Start of Block
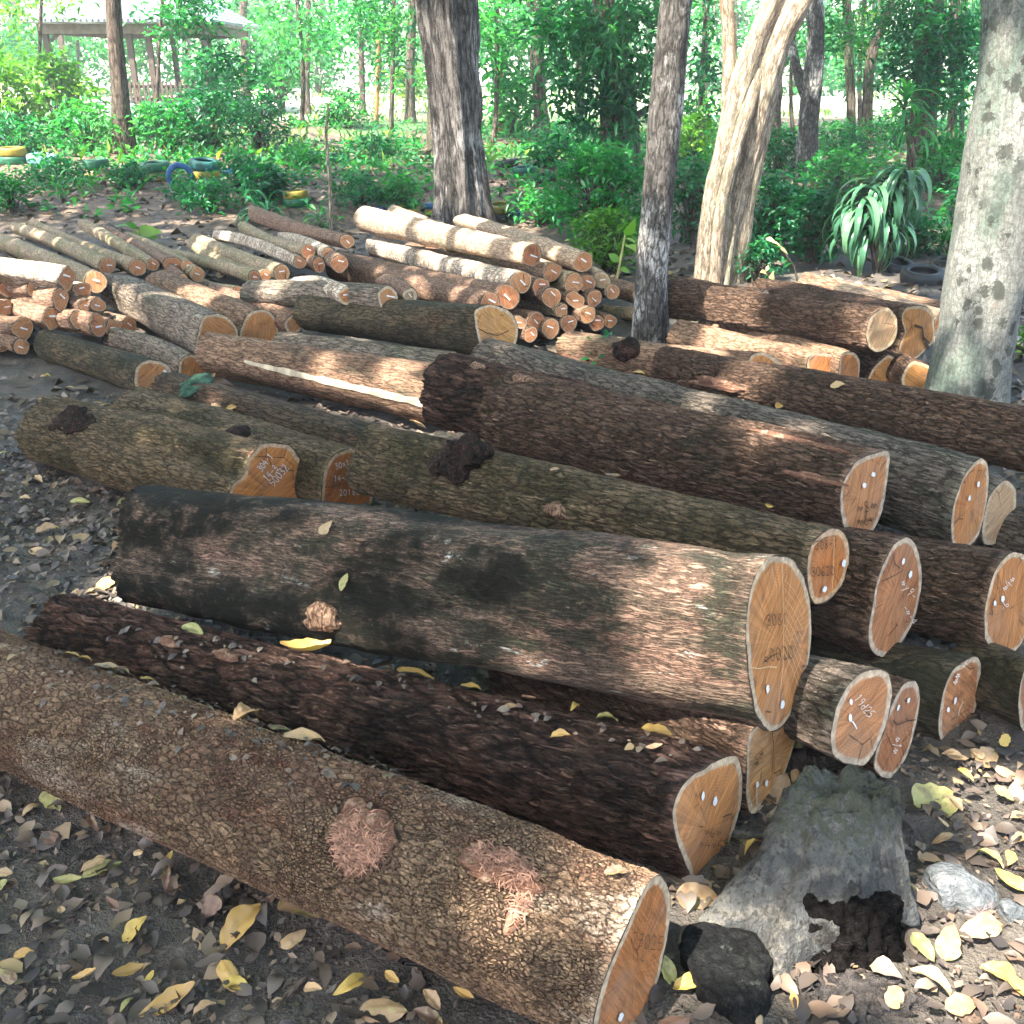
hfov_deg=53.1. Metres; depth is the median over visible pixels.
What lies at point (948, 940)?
fallen leaf
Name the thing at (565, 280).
log
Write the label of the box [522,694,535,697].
fallen leaf
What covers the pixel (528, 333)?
log
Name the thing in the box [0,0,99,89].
tree
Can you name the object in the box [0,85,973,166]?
grass
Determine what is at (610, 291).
log
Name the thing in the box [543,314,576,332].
log
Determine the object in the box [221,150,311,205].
shrub
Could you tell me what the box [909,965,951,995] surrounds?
fallen leaf
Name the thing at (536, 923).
log
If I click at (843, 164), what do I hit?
shrub
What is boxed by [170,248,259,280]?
log
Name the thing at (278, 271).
log
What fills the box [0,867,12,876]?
fallen leaf
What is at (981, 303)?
tree
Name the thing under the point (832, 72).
tree
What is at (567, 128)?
shrub
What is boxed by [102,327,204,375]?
log
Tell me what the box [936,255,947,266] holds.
painted tyre
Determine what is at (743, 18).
tree
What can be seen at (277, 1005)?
stick
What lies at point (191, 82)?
shrub
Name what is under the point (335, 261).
log
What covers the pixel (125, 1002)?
fallen leaf
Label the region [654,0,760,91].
tree
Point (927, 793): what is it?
fallen leaf
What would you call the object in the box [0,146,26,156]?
End of Block
What is required >> Each of the entries above must be output exactly, with none of the pictures.

Response for this exercise >>
hfov_deg=53.1. Metres; depth is the median over visible pixels.
What lies at point (948, 940)?
fallen leaf
Name the thing at (565, 280).
log
Write the label of the box [522,694,535,697].
fallen leaf
What covers the pixel (528, 333)?
log
Name the thing in the box [0,0,99,89].
tree
Can you name the object in the box [0,85,973,166]?
grass
Determine what is at (610, 291).
log
Name the thing in the box [543,314,576,332].
log
Determine the object in the box [221,150,311,205].
shrub
Could you tell me what the box [909,965,951,995] surrounds?
fallen leaf
Name the thing at (536, 923).
log
If I click at (843, 164), what do I hit?
shrub
What is boxed by [170,248,259,280]?
log
Name the thing at (278, 271).
log
What fills the box [0,867,12,876]?
fallen leaf
What is at (981, 303)?
tree
Name the thing under the point (832, 72).
tree
What is at (567, 128)?
shrub
What is boxed by [102,327,204,375]?
log
Tell me what the box [936,255,947,266] holds.
painted tyre
Determine what is at (743, 18).
tree
What can be seen at (277, 1005)?
stick
What lies at point (191, 82)?
shrub
Name what is under the point (335, 261).
log
What covers the pixel (125, 1002)?
fallen leaf
Label the region [654,0,760,91].
tree
Point (927, 793): what is it?
fallen leaf
What would you call the object in the box [0,146,26,156]?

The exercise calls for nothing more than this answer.